§ Assignment: The required output is the exact run of lines below that opens at the line with "#916=EDGE_CURVE('',#788,#789,#1098,.T.);" and closes at the line with "#1119=LINE('',#2054,#1293);".
━━━━━━━━━━━━━━━━━━━━━━━━━━━━━━
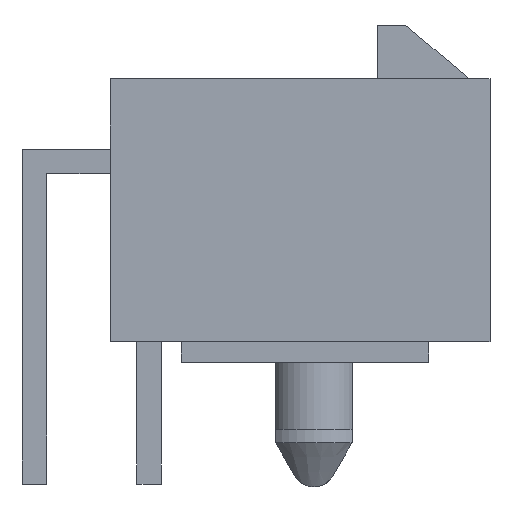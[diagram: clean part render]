
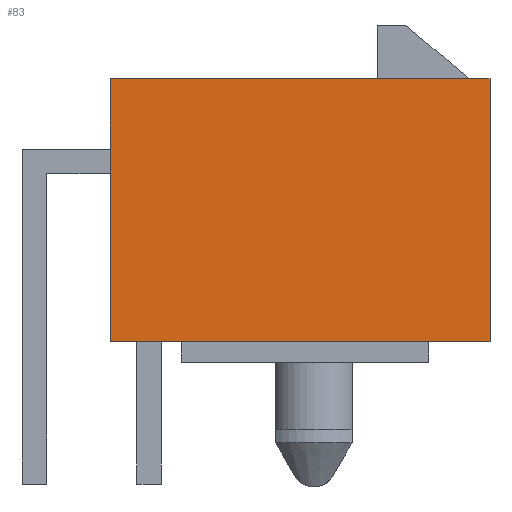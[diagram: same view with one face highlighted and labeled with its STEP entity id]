
A CAD part, left-side view. The second image highlights one B-rep face of the part: STEP entity #83.
In plain terms, the highlighted planar face has unit normal (-1, 0, 0).
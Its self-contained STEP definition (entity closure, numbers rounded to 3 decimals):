
#83=ADVANCED_FACE('',(#225),#157,.F.);
#157=PLANE('',#1436);
#225=FACE_OUTER_BOUND('',#301,.T.);
#301=EDGE_LOOP('',(#428,#429,#430,#431));
#428=ORIENTED_EDGE('',*,*,#916,.T.);
#429=ORIENTED_EDGE('',*,*,#936,.F.);
#430=ORIENTED_EDGE('',*,*,#928,.F.);
#431=ORIENTED_EDGE('',*,*,#937,.T.);
#788=VERTEX_POINT('',#2012);
#789=VERTEX_POINT('',#2013);
#800=VERTEX_POINT('',#2037);
#801=VERTEX_POINT('',#2038);
#916=EDGE_CURVE('',#788,#789,#1098,.T.);
#928=EDGE_CURVE('',#800,#801,#1110,.T.);
#936=EDGE_CURVE('',#801,#789,#1118,.T.);
#937=EDGE_CURVE('',#800,#788,#1119,.T.);
#1098=LINE('',#2011,#1272);
#1110=LINE('',#2036,#1284);
#1118=LINE('',#2053,#1292);
#1119=LINE('',#2054,#1293);
#1272=VECTOR('',#1559,1.);
#1284=VECTOR('',#1573,1.);
#1292=VECTOR('',#1583,1.);
#1293=VECTOR('',#1584,1.);
#1436=AXIS2_PLACEMENT_3D('',#2055,#1585,#1586);
#1559=DIRECTION('',(0.,-1.,0.));
#1573=DIRECTION('',(0.,-1.,0.));
#1583=DIRECTION('',(0.,0.,-1.));
#1584=DIRECTION('',(0.,0.,-1.));
#1585=DIRECTION('',(1.,0.,0.));
#1586=DIRECTION('',(0.,1.,0.));
#2011=CARTESIAN_POINT('',(-1.925,4.955,0.));
#2012=CARTESIAN_POINT('',(-1.925,4.955,0.));
#2013=CARTESIAN_POINT('',(-1.925,-4.955,0.));
#2036=CARTESIAN_POINT('',(-1.925,4.955,6.86));
#2037=CARTESIAN_POINT('',(-1.925,4.955,6.86));
#2038=CARTESIAN_POINT('',(-1.925,-4.955,6.86));
#2053=CARTESIAN_POINT('',(-1.925,-4.955,6.86));
#2054=CARTESIAN_POINT('',(-1.925,4.955,6.86));
#2055=CARTESIAN_POINT('',(-1.925,4.955,6.86));
━━━━━━━━━━━━━━━━━━━━━━━━━━━━━━
§ Solution for this problem:
#916=EDGE_CURVE('',#788,#789,#1098,.T.);
#928=EDGE_CURVE('',#800,#801,#1110,.T.);
#936=EDGE_CURVE('',#801,#789,#1118,.T.);
#937=EDGE_CURVE('',#800,#788,#1119,.T.);
#1098=LINE('',#2011,#1272);
#1110=LINE('',#2036,#1284);
#1118=LINE('',#2053,#1292);
#1119=LINE('',#2054,#1293);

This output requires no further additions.